Through the sunshield, through the layers of carbon, aerogel, through closed eyelids, radiance fills the ship with its pressure, suffusing all, dispelling the decades of cold, warming her feelings to this new planet given life by this sun; eyes closed, she sees it more clearly than Earth—rivers running, trees tossing in the wind, insects chirring in a meadow—all familiar but made strange by this deep, pervasive light. It might almost be Earth, but it’s not. It’s a new world.
Four million kilometers from the face of the sun. 2500° Celsius.
Don’t forget to strap in. Thank you, Rosa .
At periapsis, the deepest point in the gravity well, the engine woke in thunder. The ship shuddered, its aged hull wailed and boomed. Propellant pushed hard against their momentum, against the ship’s forward vector, its force multiplied by its fall into the star’s gravity, slowing the ship, gradually turning it. After an hour, the engine sputtered and died, and they raced away from that radiance into the abiding cold and silence of space.
Oh, Sergei. Oh, no. Still too fast.
They were traveling at twice the escape velocity of the Alpha C system. Fuel gone, having rounded both suns, they will pass the planet and continue out of the system into interstellar space.

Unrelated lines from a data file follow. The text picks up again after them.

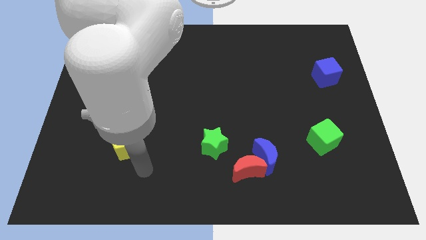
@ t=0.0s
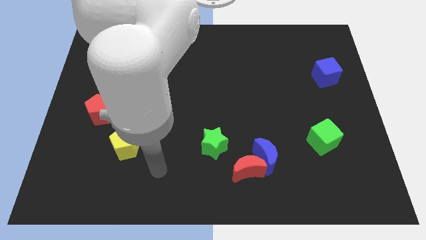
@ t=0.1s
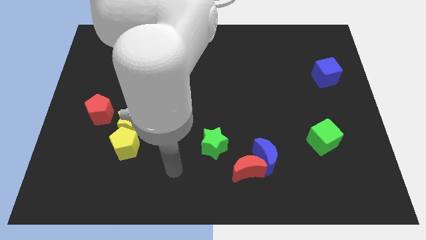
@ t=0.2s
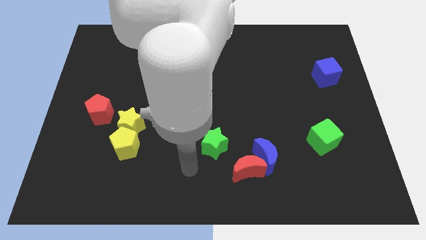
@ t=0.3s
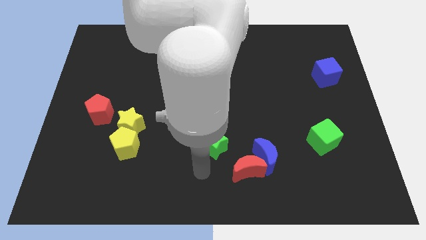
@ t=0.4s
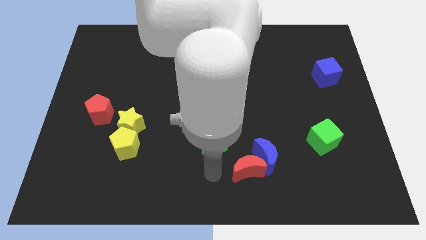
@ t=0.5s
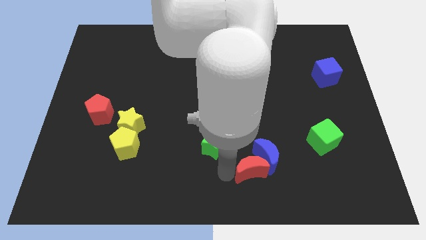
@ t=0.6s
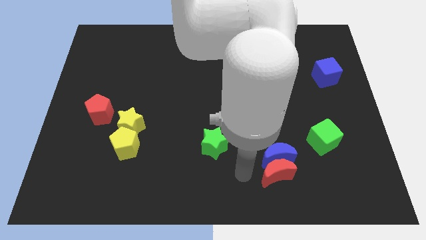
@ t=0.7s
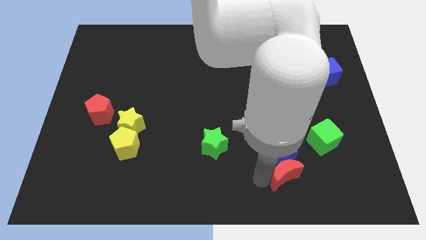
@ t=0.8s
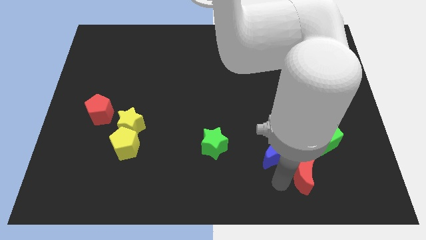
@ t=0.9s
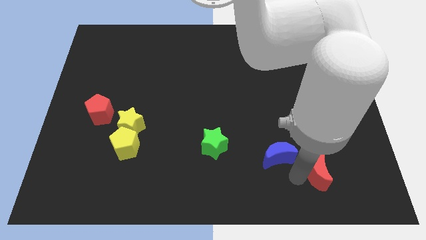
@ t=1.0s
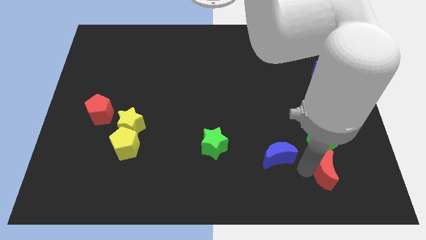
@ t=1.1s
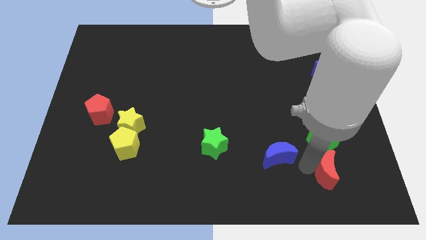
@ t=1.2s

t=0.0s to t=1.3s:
separate the blue moon from the red moon

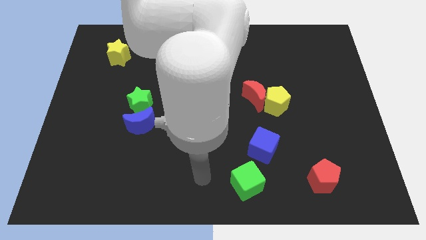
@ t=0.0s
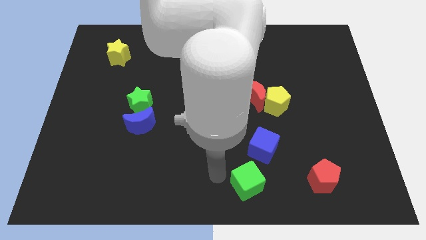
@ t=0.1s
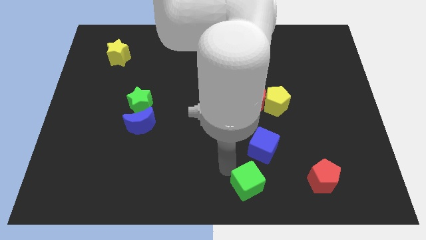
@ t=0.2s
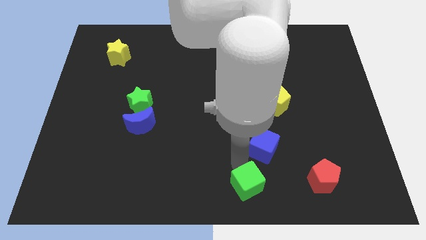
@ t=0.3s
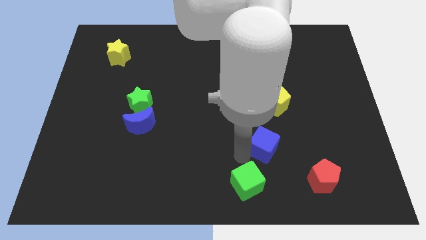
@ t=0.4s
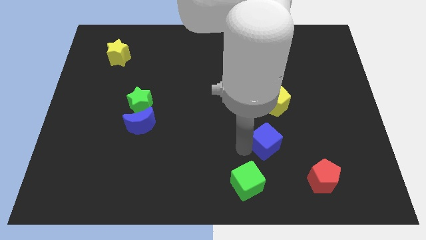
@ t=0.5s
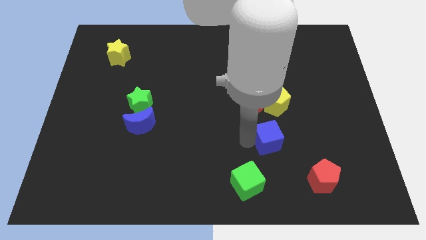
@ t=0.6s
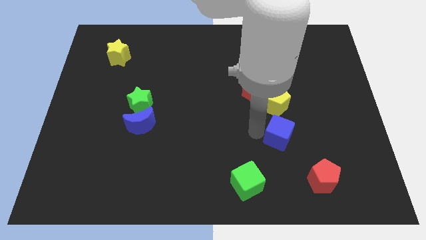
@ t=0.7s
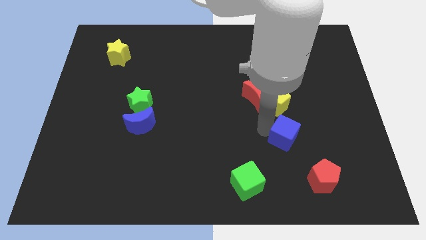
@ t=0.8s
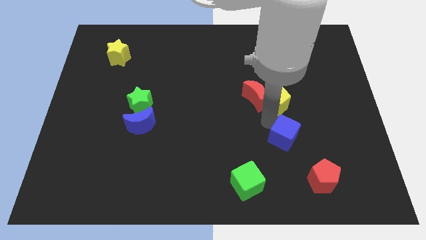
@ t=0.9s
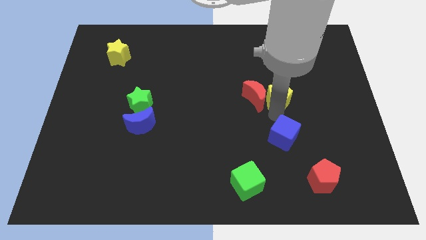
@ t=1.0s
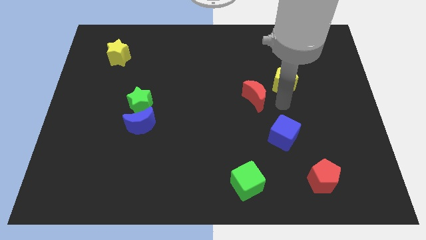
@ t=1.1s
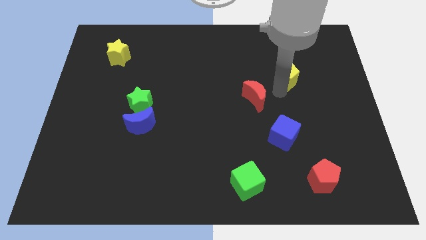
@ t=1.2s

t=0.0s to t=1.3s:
move the red moon away from the yellow pentagon

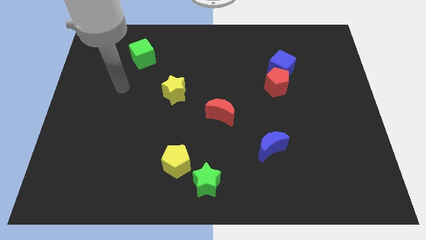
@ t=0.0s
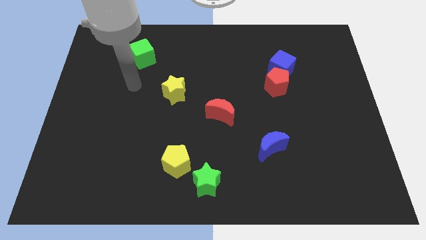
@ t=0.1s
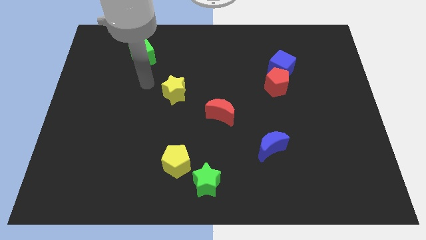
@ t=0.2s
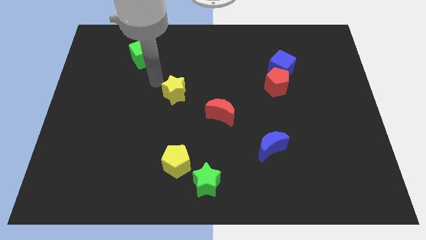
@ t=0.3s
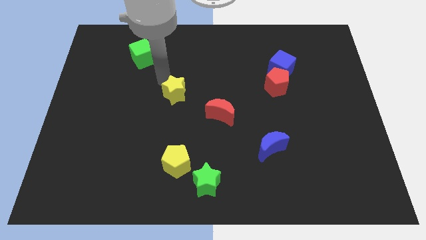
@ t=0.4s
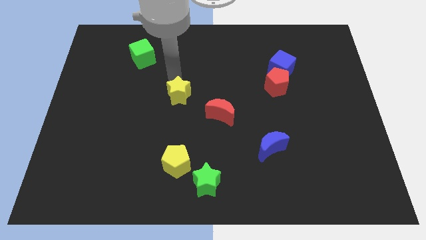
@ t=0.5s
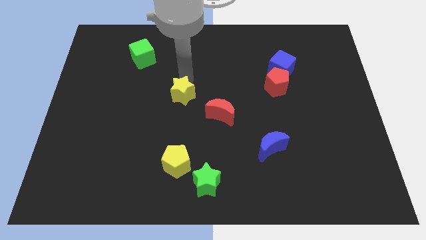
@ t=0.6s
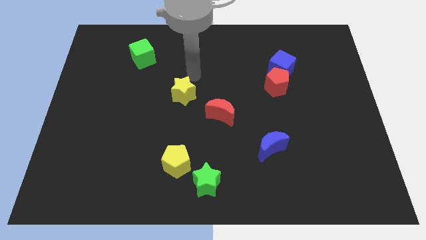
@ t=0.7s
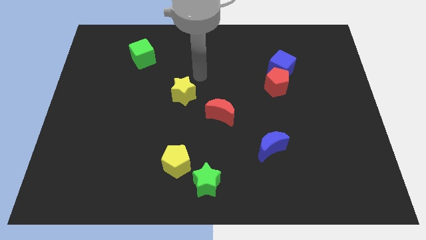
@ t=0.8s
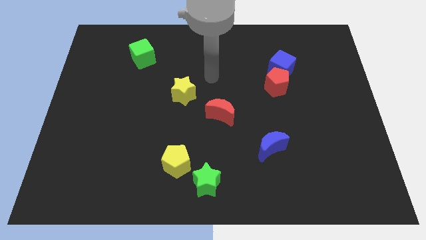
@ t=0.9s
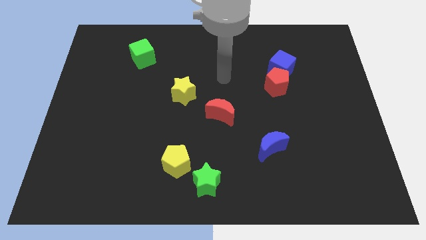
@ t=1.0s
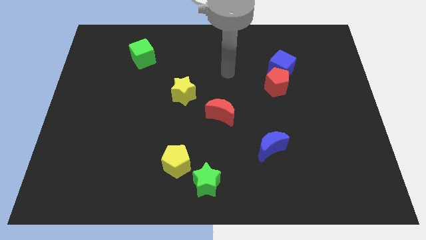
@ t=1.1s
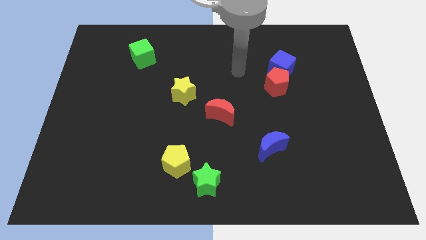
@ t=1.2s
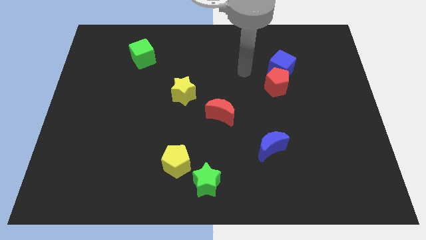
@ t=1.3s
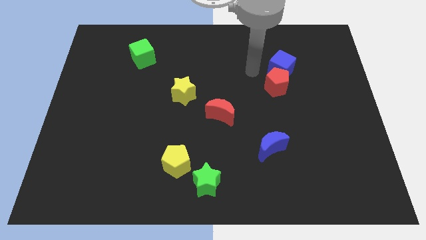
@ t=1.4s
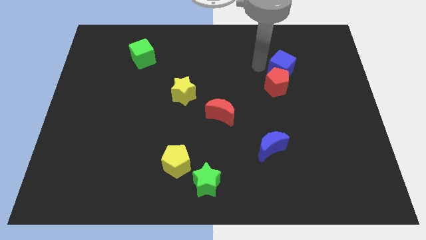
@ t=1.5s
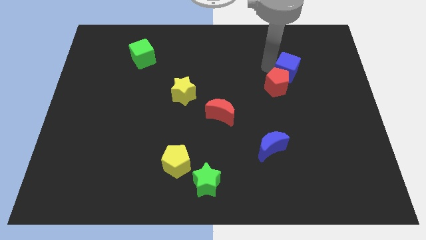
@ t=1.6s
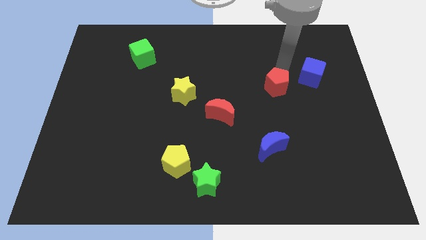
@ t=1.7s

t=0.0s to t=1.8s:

Maneuver to planet. Like Zia said. Take all genetic material, seeds, zygotes, heatshield payload and drop to surface, okay? Best we can do. Give life a chance .
No fuel, Sergei. Not a drop. We can’t maneuver, you hear me?
Дерьмо.
Her mind is playing tricks. She has to concentrate. The planet is directly in front of them now, but still nine days away. Inexorable, it will move on in its orbit. Inexorable, the ship will follow its own divergent path. They will miss by 0.002 AU. Closer than the Moon to the Earth.